Breath of The Wild NPC is Ready to Talk Link Down in a Crisis

Brigo encounter via IGN

Content Warning: Discussion of suicide.

Nintendo’s Breath of the Wild is a gorgeous, sprawling game, but don’t let it’s size fool you — it’s filled with tiny, clever touches that are making players stop and take notice. Take Brigo, here.

Brigo is an NPC guard that hangs around a bridge. His job, he’ll happily explain, is to keep that bridge clear of monsters, but helping out is more than just a career for him. If Link ventures too close to the edge, close enough to seem like he might be considering jumping, Brigo is there to intervene.

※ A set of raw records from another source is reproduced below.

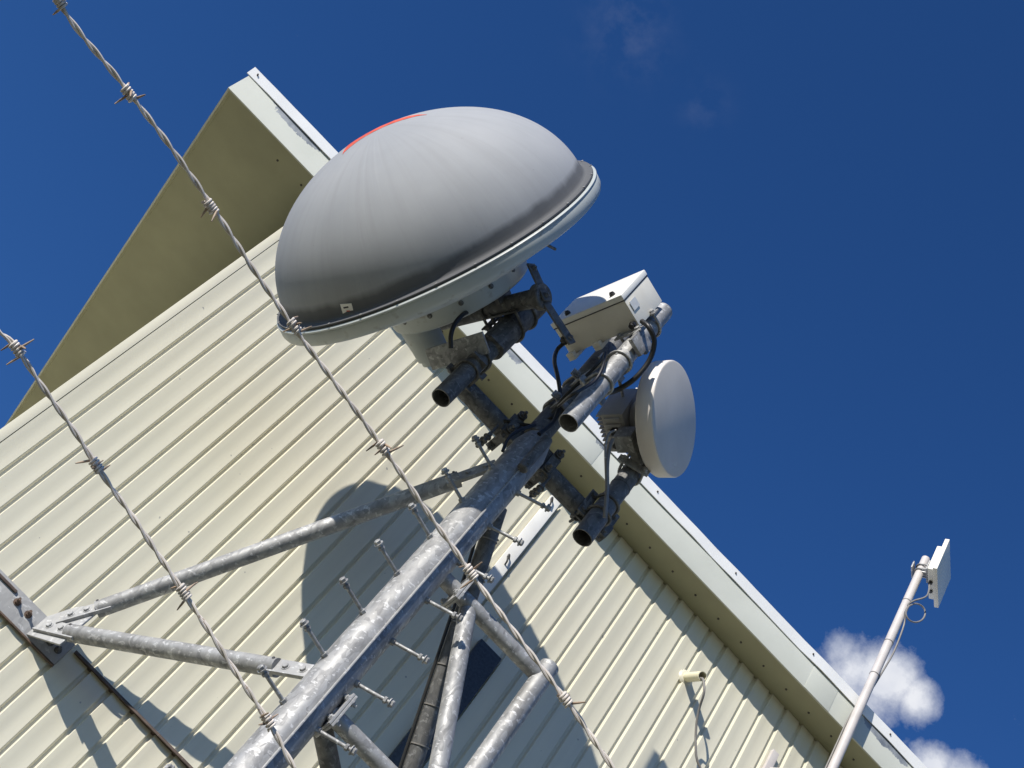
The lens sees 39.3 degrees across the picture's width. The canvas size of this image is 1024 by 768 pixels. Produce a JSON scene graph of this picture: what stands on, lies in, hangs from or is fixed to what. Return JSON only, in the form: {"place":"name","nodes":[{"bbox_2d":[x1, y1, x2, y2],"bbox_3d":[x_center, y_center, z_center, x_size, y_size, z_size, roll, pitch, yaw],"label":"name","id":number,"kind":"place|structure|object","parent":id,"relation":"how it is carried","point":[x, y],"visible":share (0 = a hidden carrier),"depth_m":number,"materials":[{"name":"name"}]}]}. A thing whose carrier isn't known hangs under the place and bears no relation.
{"place":"outdoors","nodes":[
{"label":"outdoors","id":0,"kind":"place"},
{"bbox_2d":[0,330,295,767],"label":"barbed wire","id":1,"kind":"object","parent":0,"point":[95,463],"visible":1,"depth_m":0.94,"materials":[{"name":"grey metal"}]},
{"bbox_2d":[52,0,614,767],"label":"barbed wire","id":2,"kind":"object","parent":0,"point":[210,206],"visible":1,"depth_m":0.96,"materials":[{"name":"grey metal"}]},
{"bbox_2d":[0,0,1023,767],"label":"sky","id":3,"kind":"structure","parent":0,"point":[824,199],"materials":[{"name":"blue"}]},
{"bbox_3d":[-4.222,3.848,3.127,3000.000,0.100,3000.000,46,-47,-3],"label":"ground","id":4,"kind":"structure","parent":0,"visible":0},
{"bbox_2d":[164,430,558,767],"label":"lattice mast","id":5,"kind":"object","parent":4,"relation":"on","point":[317,701],"visible":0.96,"depth_m":6.11,"materials":[{"name":"metal"}]},
{"bbox_2d":[398,542,476,767],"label":"feeder cable","id":6,"kind":"object","parent":5,"relation":"attached to","point":[430,676],"visible":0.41,"depth_m":6.60,"materials":[{"name":"black rubber"}]},
{"bbox_2d":[501,423,535,451],"bbox_3d":[0.029,0.251,6.910,0.029,0.311,0.075,-22,-73,41],"label":"cable","id":7,"kind":"object","parent":5,"relation":"attached to","point":[510,436],"visible":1,"depth_m":6.89,"materials":[{"name":"black rubber"}]},
{"bbox_2d":[477,495,559,603],"bbox_3d":[0.008,0.995,8.444,0.078,1.145,0.057,46,-47,-3],"label":"cover strip","id":8,"kind":"object","parent":5,"relation":"attached to","point":[513,551],"visible":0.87,"depth_m":8.50,"materials":[{"name":"white metal"}]},
{"bbox_2d":[432,303,671,546],"bbox_3d":[0.407,0.008,7.361,1.173,1.640,0.692,46,-47,-3],"label":"antenna support","id":9,"kind":"object","parent":5,"relation":"attached to","point":[503,334],"visible":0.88,"depth_m":7.15,"materials":[{"name":"metal"}]},
{"bbox_2d":[275,107,600,369],"bbox_3d":[-0.383,-0.746,7.231,1.621,1.786,1.276,16,-52,24],"label":"dome antenna","id":10,"kind":"object","parent":9,"relation":"attached to","point":[419,232],"visible":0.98,"depth_m":6.63,"materials":[{"name":"paint"}]},
{"bbox_2d":[448,311,468,347],"bbox_3d":[-0.244,-0.279,6.932,0.096,0.294,0.066,46,-47,-3],"label":"cable","id":11,"kind":"object","parent":10,"relation":"attached to","point":[454,325],"visible":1,"depth_m":6.86,"materials":[{"name":"black rubber"}]},
{"bbox_2d":[503,416,552,425],"bbox_3d":[0.058,0.184,7.179,0.291,0.107,0.048,9,-56,28],"label":"cable","id":12,"kind":"object","parent":9,"relation":"attached to","point":[520,423],"visible":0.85,"depth_m":7.17,"materials":[{"name":"black rubber"}]},
{"bbox_2d":[551,353,603,413],"bbox_3d":[0.332,-0.005,7.142,0.027,0.297,0.294,43,-47,0],"label":"cable","id":13,"kind":"object","parent":9,"relation":"attached to","point":[587,374],"visible":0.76,"depth_m":7.11,"materials":[{"name":"black rubber"}]},
{"bbox_2d":[557,351,606,407],"bbox_3d":[0.316,0.021,6.998,0.062,0.403,0.327,46,-47,-3],"label":"cable","id":14,"kind":"object","parent":9,"relation":"attached to","point":[572,394],"visible":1,"depth_m":6.87,"materials":[{"name":"black rubber"}]},
{"bbox_2d":[551,270,661,360],"bbox_3d":[0.507,-0.304,7.454,0.519,0.492,0.347,-21,-73,41],"label":"equipment box","id":15,"kind":"object","parent":9,"relation":"attached to","point":[598,319],"visible":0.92,"depth_m":7.36,"materials":[{"name":"white paint"}]},
{"bbox_2d":[537,342,566,435],"bbox_3d":[0.219,0.000,7.298,0.264,0.744,0.056,30,-48,12],"label":"cable","id":16,"kind":"object","parent":15,"relation":"hanging from","point":[559,388],"visible":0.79,"depth_m":7.27,"materials":[{"name":"black rubber"}]},
{"bbox_2d":[610,319,656,394],"bbox_3d":[0.584,-0.078,7.197,0.167,0.342,0.424,33,-47,9],"label":"cable","id":17,"kind":"object","parent":15,"relation":"attached to","point":[642,370],"visible":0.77,"depth_m":7.14,"materials":[{"name":"black rubber"}]},
{"bbox_2d":[603,438,613,517],"bbox_3d":[0.483,0.468,7.146,0.028,0.402,0.242,-27,-77,42],"label":"cable","id":18,"kind":"object","parent":9,"relation":"hanging from","point":[606,496],"visible":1,"depth_m":7.13,"materials":[{"name":"black rubber"}]},
{"bbox_2d":[596,360,695,485],"bbox_3d":[0.693,0.182,7.548,0.418,0.622,0.612,1,-60,33],"label":"drum dish","id":19,"kind":"object","parent":9,"relation":"attached to","point":[651,419],"visible":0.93,"depth_m":7.38,"materials":[{"name":"white plastic"}]},
{"bbox_2d":[604,429,616,469],"bbox_3d":[0.493,0.360,7.229,0.025,0.296,0.184,-15,-69,39],"label":"wire","id":20,"kind":"object","parent":19,"relation":"attached to","point":[606,439],"visible":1,"depth_m":7.21,"materials":[{"name":"metal"}]},
{"bbox_2d":[0,67,926,767],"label":"building","id":21,"kind":"structure","parent":4,"relation":"on","point":[200,401],"depth_m":8.11,"materials":[{"name":"beige paint"}]},
{"bbox_2d":[0,459,494,678],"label":"stay bracket","id":22,"kind":"object","parent":21,"relation":"attached to","point":[51,640],"visible":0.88,"depth_m":6.62,"materials":[{"name":"metal"}]},
{"bbox_2d":[388,639,500,766],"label":"window","id":23,"kind":"structure","parent":21,"relation":"attached to","point":[484,659],"depth_m":7.86,"materials":[{"name":"dark window glass"}]},
{"bbox_2d":[678,669,706,685],"bbox_3d":[1.094,1.773,8.705,0.108,0.158,0.259,46,-47,-3],"label":"conduit stub","id":24,"kind":"object","parent":21,"relation":"attached to","point":[686,677],"visible":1,"depth_m":8.68,"materials":[{"name":"beige plastic"}]},
{"bbox_2d":[694,677,705,767],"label":"hanging cable","id":25,"kind":"object","parent":24,"relation":"hanging from","point":[696,724],"visible":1,"depth_m":8.46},
{"bbox_2d":[762,556,929,767],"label":"antenna pole","id":26,"kind":"object","parent":21,"relation":"attached to","point":[858,709],"visible":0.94,"depth_m":9.18,"materials":[{"name":"white metal"}]},
{"bbox_2d":[825,583,930,767],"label":"cable","id":27,"kind":"object","parent":26,"relation":"attached to","point":[909,604],"visible":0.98,"depth_m":9.52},
{"bbox_2d":[911,539,950,607],"bbox_3d":[2.910,1.307,10.025,0.221,0.344,0.344,7,-56,29],"label":"panel antenna","id":28,"kind":"object","parent":26,"relation":"attached to","point":[936,571],"visible":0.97,"depth_m":9.93,"materials":[{"name":"beige plastic"}]}
]}

After Dorkly editor Tristan Cooper documented the exchange on Twitter, it became a hot topic for Breath of the Wild players. In a Reddit thread about the scene, users shared their own stories of suicidal thoughts, suicide prevention, and loss. One user shared tips on what to do when you’re worried someone you know might be suicidal. Another user pointed out an important but often overlooked resource:

Also suicide lines can help you too.

I woke up and one of my friends who had been very depressed after moving away, coming out, and being disowned by some members of his family, had left me a message thanking me for being his friend and saying goodbye. We weren’t in the same state and I had no idea what to do. I actually got online and talked to one of the people who worked one of those lines and they walked me through things to do.

That story had a happy ending in a later post. Some of the stories shared in the thread didn’t, but other users were there to offer support.

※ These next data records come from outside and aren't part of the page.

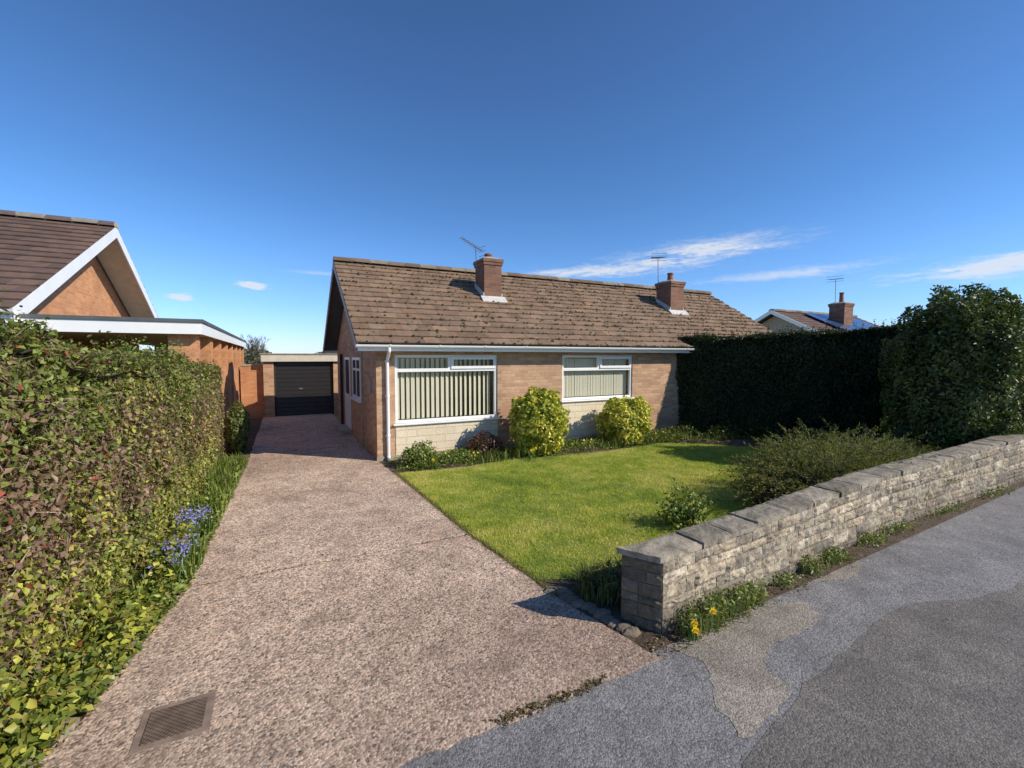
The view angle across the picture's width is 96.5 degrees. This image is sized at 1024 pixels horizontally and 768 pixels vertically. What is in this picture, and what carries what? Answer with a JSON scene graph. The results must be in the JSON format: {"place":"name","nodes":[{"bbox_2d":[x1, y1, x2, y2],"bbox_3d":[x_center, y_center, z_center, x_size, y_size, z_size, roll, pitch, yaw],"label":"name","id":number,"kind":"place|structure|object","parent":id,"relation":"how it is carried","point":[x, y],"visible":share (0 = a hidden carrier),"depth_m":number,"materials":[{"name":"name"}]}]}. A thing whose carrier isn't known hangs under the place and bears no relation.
{"place":"outdoors","nodes":[
{"label":"outdoors","id":0,"kind":"place"},
{"bbox_2d":[28,257,138,353],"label":"walls","id":1,"kind":"structure","parent":0,"point":[87,289],"depth_m":10.66,"materials":[{"name":"orange brick"}]},
{"bbox_2d":[0,236,130,316],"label":"roof deck","id":2,"kind":"structure","parent":1,"relation":"on","point":[96,256],"depth_m":12.10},
{"bbox_2d":[0,210,157,315],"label":"roof tiles","id":3,"kind":"object","parent":1,"relation":"on","point":[45,249],"visible":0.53,"depth_m":8.69,"materials":[{"name":"tile"}]},
{"bbox_2d":[0,227,157,322],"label":"barge boards","id":4,"kind":"object","parent":1,"relation":"attached to","point":[109,250],"visible":0.54,"depth_m":11.23,"materials":[{"name":"white plastic"}]},
{"bbox_2d":[4,418,439,763],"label":"border soil","id":5,"kind":"structure","parent":0,"point":[255,425],"depth_m":9.96,"materials":[{"name":"brown soil"}]},
{"bbox_2d":[0,288,226,738],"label":"privet hedge","id":6,"kind":"object","parent":5,"relation":"on","point":[108,457],"visible":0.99,"depth_m":3.28,"materials":[{"name":"green plant"}]},
{"bbox_2d":[16,524,211,767],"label":"border stones","id":7,"kind":"object","parent":5,"relation":"on","point":[62,728],"visible":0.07,"depth_m":2.58,"materials":[{"name":"grey stone"}]},
{"bbox_2d":[0,452,250,767],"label":"border plants","id":8,"kind":"object","parent":5,"relation":"on","point":[32,725],"visible":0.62,"depth_m":3.12,"materials":[{"name":"green plant"}]},
{"bbox_2d":[140,529,204,593],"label":"bluebells","id":9,"kind":"object","parent":8,"relation":"on","point":[184,547],"visible":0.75,"depth_m":4.39,"materials":[{"name":"blue plant"}]},
{"bbox_2d":[169,504,216,542],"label":"bluebells","id":10,"kind":"object","parent":5,"relation":"on","point":[198,520],"visible":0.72,"depth_m":5.31,"materials":[{"name":"blue plant"}]},
{"bbox_2d":[223,400,250,452],"bbox_3d":[-6.104,0.925,10.093,0.577,1.180,1.424,-2,4,-27],"label":"border shrub","id":11,"kind":"object","parent":5,"relation":"on","point":[237,424],"visible":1,"depth_m":9.81,"materials":[{"name":"green plant"}]},
{"bbox_2d":[247,335,263,363],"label":"bare tree","id":12,"kind":"object","parent":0,"point":[251,348],"visible":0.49,"depth_m":65.07,"materials":[{"name":"brown plant"}]},
{"bbox_2d":[34,413,660,767],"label":"driveway","id":13,"kind":"structure","parent":0,"point":[375,697],"depth_m":3.40,"materials":[{"name":"beige gravel"}]},
{"bbox_2d":[128,691,216,754],"bbox_3d":[-1.929,1.937,2.625,0.360,0.026,0.340,-2,4,-27],"label":"drain cover","id":14,"kind":"object","parent":13,"relation":"on","point":[172,722],"visible":1,"depth_m":2.60,"materials":[{"name":"metal"}]},
{"bbox_2d":[255,413,604,686],"bbox_3d":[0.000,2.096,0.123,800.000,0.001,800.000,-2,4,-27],"label":"ground","id":15,"kind":"structure","parent":0,"point":[336,416],"depth_m":16.23,"materials":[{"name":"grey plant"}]},
{"bbox_2d":[2,314,245,446],"bbox_3d":[-9.321,0.043,11.895,3.630,2.725,11.460,-2,4,-27],"label":"carport","id":16,"kind":"object","parent":15,"relation":"on","point":[202,339],"visible":0.42,"depth_m":7.71,"materials":[{"name":"beige paint"}]},
{"bbox_2d":[240,364,264,417],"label":"boundary brick wall","id":17,"kind":"structure","parent":15,"relation":"on","point":[252,388],"depth_m":15.88,"materials":[{"name":"orange brick"}]},
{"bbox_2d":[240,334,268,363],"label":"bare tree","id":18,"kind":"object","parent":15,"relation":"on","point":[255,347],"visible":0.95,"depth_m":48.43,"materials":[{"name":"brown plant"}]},
{"bbox_2d":[244,348,322,363],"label":"distant trees","id":19,"kind":"object","parent":15,"relation":"on","point":[254,360],"depth_m":105.97,"materials":[{"name":"green plant"}]},
{"bbox_2d":[260,353,338,416],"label":"garage","id":20,"kind":"structure","parent":15,"relation":"on","point":[300,383],"depth_m":16.42,"materials":[{"name":"brick"}]},
{"bbox_2d":[273,361,333,415],"bbox_3d":[-7.495,0.160,16.521,1.950,1.950,0.080,-2,4,-27],"label":"garage door","id":21,"kind":"structure","parent":20,"relation":"in","point":[300,388],"depth_m":16.51,"materials":[{"name":"paint"}]},
{"bbox_2d":[337,309,682,460],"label":"walls","id":22,"kind":"structure","parent":15,"relation":"on","point":[654,383],"depth_m":10.61,"materials":[{"name":"brick"}]},
{"bbox_2d":[340,354,343,423],"bbox_3d":[-5.140,0.194,13.802,0.079,2.200,0.079,-2,4,-27],"label":"soil pipe","id":23,"kind":"object","parent":22,"relation":"attached to","point":[341,390],"visible":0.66,"depth_m":13.77,"materials":[{"name":"black plastic"}]},
{"bbox_2d":[336,357,361,434],"bbox_3d":[-4.333,0.349,12.002,0.299,2.100,2.950,-2,4,-27],"label":"side door and window","id":24,"kind":"structure","parent":22,"relation":"attached to","point":[346,428],"depth_m":12.35,"materials":[{"name":"white plastic"}]},
{"bbox_2d":[367,378,371,392],"bbox_3d":[-3.019,0.035,9.676,0.049,0.300,0.250,-2,4,-27],"label":"meter box","id":25,"kind":"object","parent":22,"relation":"attached to","point":[369,385],"visible":1,"depth_m":9.58,"materials":[{"name":"grey plastic"}]},
{"bbox_2d":[361,351,492,446],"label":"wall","id":26,"kind":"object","parent":22,"relation":"in","point":[472,391],"depth_m":11.52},
{"bbox_2d":[393,355,500,425],"bbox_3d":[-1.363,0.098,9.833,2.400,1.445,0.160,-2,4,-27],"label":"window frame","id":27,"kind":"object","parent":22,"relation":"attached to","point":[450,363],"visible":0.93,"depth_m":9.85,"materials":[{"name":"white plastic"}]},
{"bbox_2d":[397,358,489,418],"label":"vertical blinds","id":28,"kind":"object","parent":27,"relation":"attached to","point":[432,390],"depth_m":9.85,"materials":[{"name":"beige fabric"}]},
{"bbox_2d":[323,262,690,353],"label":"fascia boards","id":29,"kind":"object","parent":22,"relation":"attached to","point":[483,350],"visible":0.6,"depth_m":10.36,"materials":[{"name":"white plastic"}]},
{"bbox_2d":[324,273,695,350],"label":"roof deck","id":30,"kind":"structure","parent":22,"relation":"on","point":[336,308],"depth_m":13.02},
{"bbox_2d":[355,344,695,461],"bbox_3d":[3.191,0.235,11.912,13.890,2.357,0.409,-2,4,-27],"label":"gutter and downpipe","id":31,"kind":"object","parent":22,"relation":"attached to","point":[386,361],"visible":0.84,"depth_m":9.25,"materials":[{"name":"white plastic"}]},
{"bbox_2d":[333,256,771,346],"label":"roof tiles","id":32,"kind":"object","parent":22,"relation":"on","point":[396,314],"visible":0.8,"depth_m":11.85,"materials":[{"name":"brown tile"}]},
{"bbox_2d":[473,253,507,302],"bbox_3d":[-0.612,-2.553,12.262,0.700,1.864,0.815,-2,4,-27],"label":"chimney stack","id":33,"kind":"object","parent":32,"relation":"on","point":[488,278],"visible":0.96,"depth_m":12.04,"materials":[{"name":"brick"}]},
{"bbox_2d":[459,237,485,267],"bbox_3d":[-1.057,-3.481,12.166,0.663,0.730,0.340,-3,4,-37],"label":"tv aerial","id":34,"kind":"object","parent":33,"relation":"attached to","point":[475,247],"visible":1,"depth_m":12.21,"materials":[{"name":"metal"}]},
{"bbox_2d":[341,262,775,346],"bbox_3d":[2.428,-2.175,13.271,13.899,2.232,3.713,-2,4,-27],"label":"roof moss","id":35,"kind":"object","parent":32,"relation":"on","point":[488,315],"visible":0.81,"depth_m":12.49,"materials":[{"name":"plant"}]},
{"bbox_2d":[655,273,688,314],"bbox_3d":[5.272,-2.707,15.149,0.770,1.934,0.845,-2,4,-27],"label":"chimney stack","id":36,"kind":"object","parent":32,"relation":"on","point":[670,294],"visible":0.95,"depth_m":14.94,"materials":[{"name":"brick"}]},
{"bbox_2d":[651,253,666,282],"bbox_3d":[4.842,-3.753,15.239,0.500,1.113,0.411,0,3,3],"label":"tv aerial","id":37,"kind":"object","parent":36,"relation":"attached to","point":[658,258],"visible":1,"depth_m":15.11,"materials":[{"name":"metal"}]},
{"bbox_2d":[563,359,625,400],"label":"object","id":38,"kind":"object","parent":22,"relation":"in","point":[590,386],"depth_m":13.40,"materials":[{"name":"white plastic"}]},
{"bbox_2d":[560,355,634,401],"bbox_3d":[2.197,-0.158,11.635,2.310,1.145,0.160,-2,4,-27],"label":"window frame","id":39,"kind":"object","parent":22,"relation":"attached to","point":[599,358],"visible":0.92,"depth_m":11.64,"materials":[{"name":"white plastic"}]},
{"bbox_2d":[563,358,625,396],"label":"window bedroom vertical blinds","id":40,"kind":"object","parent":39,"relation":"attached to","point":[607,382],"depth_m":11.73,"materials":[{"name":"beige fabric"}]},
{"bbox_2d":[754,275,878,332],"bbox_3d":[15.727,-2.296,23.746,7.352,6.009,6.870,-2,4,-27],"label":"distant bungalow","id":41,"kind":"object","parent":15,"relation":"on","point":[840,313],"visible":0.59,"depth_m":22.19,"materials":[{"name":"brick"}]},
{"bbox_2d":[622,446,1021,622],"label":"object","id":42,"kind":"object","parent":15,"relation":"on","point":[788,545],"visible":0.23,"depth_m":4.31,"materials":[{"name":"grey stone"}]},
{"bbox_2d":[616,433,1023,563],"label":"coping stones","id":43,"kind":"object","parent":42,"relation":"on","point":[666,548],"visible":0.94,"depth_m":4.49,"materials":[{"name":"grey stone"}]},
{"bbox_2d":[0,0,1023,352],"label":"sky","id":44,"kind":"structure","parent":0,"point":[770,151],"materials":[{"name":"blue"}]},
{"bbox_2d":[398,442,784,580],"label":"lawn","id":45,"kind":"structure","parent":0,"point":[555,512],"depth_m":6.81,"materials":[{"name":"green plant"}]},
{"bbox_2d":[655,478,712,529],"bbox_3d":[2.142,1.493,5.651,0.797,0.567,0.711,-2,4,-27],"label":"shrub","id":46,"kind":"object","parent":45,"relation":"on","point":[685,513],"visible":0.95,"depth_m":5.57,"materials":[{"name":"green plant"}]},
{"bbox_2d":[378,431,1023,652],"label":"flower bed soil","id":47,"kind":"structure","parent":0,"point":[643,637],"depth_m":5.17,"materials":[{"name":"brown soil"}]},
{"bbox_2d":[399,440,440,468],"bbox_3d":[-1.778,1.331,8.824,0.675,0.522,0.797,3,5,43],"label":"shrub","id":48,"kind":"object","parent":47,"relation":"on","point":[417,454],"visible":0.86,"depth_m":8.68,"materials":[{"name":"green plant"}]},
{"bbox_2d":[439,448,480,462],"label":"shrub","id":49,"kind":"object","parent":47,"relation":"on","point":[459,452],"visible":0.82,"depth_m":9.09,"materials":[{"name":"green plant"}]},
{"bbox_2d":[459,430,504,458],"bbox_3d":[-0.595,1.252,9.596,0.992,0.588,0.723,-2,4,-27],"label":"barberry shrub","id":50,"kind":"object","parent":47,"relation":"on","point":[485,443],"visible":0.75,"depth_m":9.45,"materials":[{"name":"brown plant"}]},
{"bbox_2d":[529,447,538,459],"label":"daffodil clump","id":51,"kind":"object","parent":47,"relation":"on","point":[530,456],"visible":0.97,"depth_m":9.31,"materials":[{"name":"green plant"}]},
{"bbox_2d":[507,386,570,456],"bbox_3d":[0.579,0.798,9.807,1.336,1.506,1.304,-2,4,-27],"label":"variegated euonymus","id":52,"kind":"object","parent":47,"relation":"on","point":[538,418],"visible":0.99,"depth_m":9.48,"materials":[{"name":"yellow plant"}]},
{"bbox_2d":[389,426,693,471],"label":"bed plants","id":53,"kind":"object","parent":47,"relation":"on","point":[589,443],"visible":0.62,"depth_m":9.89,"materials":[{"name":"green plant"}]},
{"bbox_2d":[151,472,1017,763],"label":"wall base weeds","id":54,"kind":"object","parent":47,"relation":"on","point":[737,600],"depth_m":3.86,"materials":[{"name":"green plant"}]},
{"bbox_2d":[562,553,621,605],"bbox_3d":[0.939,1.690,4.139,1.010,0.322,0.992,-2,4,-27],"label":"strap leaf clump","id":55,"kind":"object","parent":47,"relation":"on","point":[594,581],"visible":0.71,"depth_m":4.01,"materials":[{"name":"green plant"}]},
{"bbox_2d":[543,586,640,636],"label":"edging stones","id":56,"kind":"object","parent":47,"relation":"on","point":[601,615],"visible":0.91,"depth_m":3.72,"materials":[{"name":"grey stone"}]},
{"bbox_2d":[594,395,653,445],"bbox_3d":[2.752,0.863,11.104,1.471,1.214,1.230,-2,4,-27],"label":"variegated euonymus","id":57,"kind":"object","parent":47,"relation":"on","point":[624,419],"visible":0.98,"depth_m":10.79,"materials":[{"name":"yellow plant"}]},
{"bbox_2d":[680,603,716,642],"bbox_3d":[1.432,1.785,3.441,0.429,0.213,0.143,-2,4,-27],"label":"daffodil clump","id":58,"kind":"object","parent":47,"relation":"on","point":[695,624],"visible":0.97,"depth_m":3.40,"materials":[{"name":"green plant"}]},
{"bbox_2d":[587,420,884,605],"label":"ground cover plants","id":59,"kind":"object","parent":47,"relation":"on","point":[699,435],"visible":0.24,"depth_m":11.62,"materials":[{"name":"green plant"}]},
{"bbox_2d":[674,318,908,437],"bbox_3d":[7.093,-0.160,12.458,6.268,3.116,1.811,2,4,26],"label":"conifer hedge","id":60,"kind":"object","parent":47,"relation":"on","point":[786,379],"visible":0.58,"depth_m":11.78,"materials":[{"name":"green plant"}]},
{"bbox_2d":[621,440,1023,633],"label":"stone blocks","id":61,"kind":"structure","parent":47,"relation":"on","point":[853,523],"depth_m":4.46,"materials":[{"name":"grey stone"}]},
{"bbox_2d":[716,415,966,515],"bbox_3d":[5.052,1.110,7.216,5.128,1.200,2.882,-2,4,-27],"label":"spreading juniper","id":62,"kind":"object","parent":47,"relation":"on","point":[780,472],"visible":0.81,"depth_m":6.50,"materials":[{"name":"green plant"}]},
{"bbox_2d":[877,282,1023,454],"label":"laurel bush","id":63,"kind":"object","parent":47,"relation":"on","point":[955,370],"visible":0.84,"depth_m":7.99,"materials":[{"name":"green plant"}]},
{"bbox_2d":[399,486,1023,767],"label":"pavement","id":64,"kind":"structure","parent":0,"point":[665,713],"depth_m":2.99,"materials":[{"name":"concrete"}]},
{"bbox_2d":[667,482,1023,737],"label":"worn pavement patch","id":65,"kind":"object","parent":64,"relation":"on","point":[751,691],"visible":0.66,"depth_m":3.27,"materials":[{"name":"grey asphalt"}]},
{"bbox_2d":[742,582,1023,767],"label":"road","id":66,"kind":"structure","parent":0,"point":[935,684],"depth_m":2.81,"materials":[{"name":"grey asphalt"}]}
]}

With Brigo, Nintendo has also drawn attention to real world heroes who may have inspired his creation, like retired California Highway Patrol officer Kevin Briggs (who may have inspired Brigo’s name) and Chen Si, a Chinese logistics company worker who has helped hundreds of people safely off the Nanjing Yangtze River Bridge.

Brigo may seem like a silly inclusion in Breath of the Wild — after all, Link isn’t really considering suicide if he’s on the edge of that bridge — but its real world impact can’t be denied. Brigo’s efforts start conversations, remind players that their lives have value, and model good behavior for helping and listening to friends or strangers in need.

That’s a lot more than you’d normally expect a digital good Samaritan to do.

If you or someone you know is considering suicide or in a emotional crisis, you can call the National Suicide Prevention Lifeline at 1-800-273-8255 or contact one of the regional lines in your area. If your life or the life of anyone else is in immediate danger, please contact emergency services.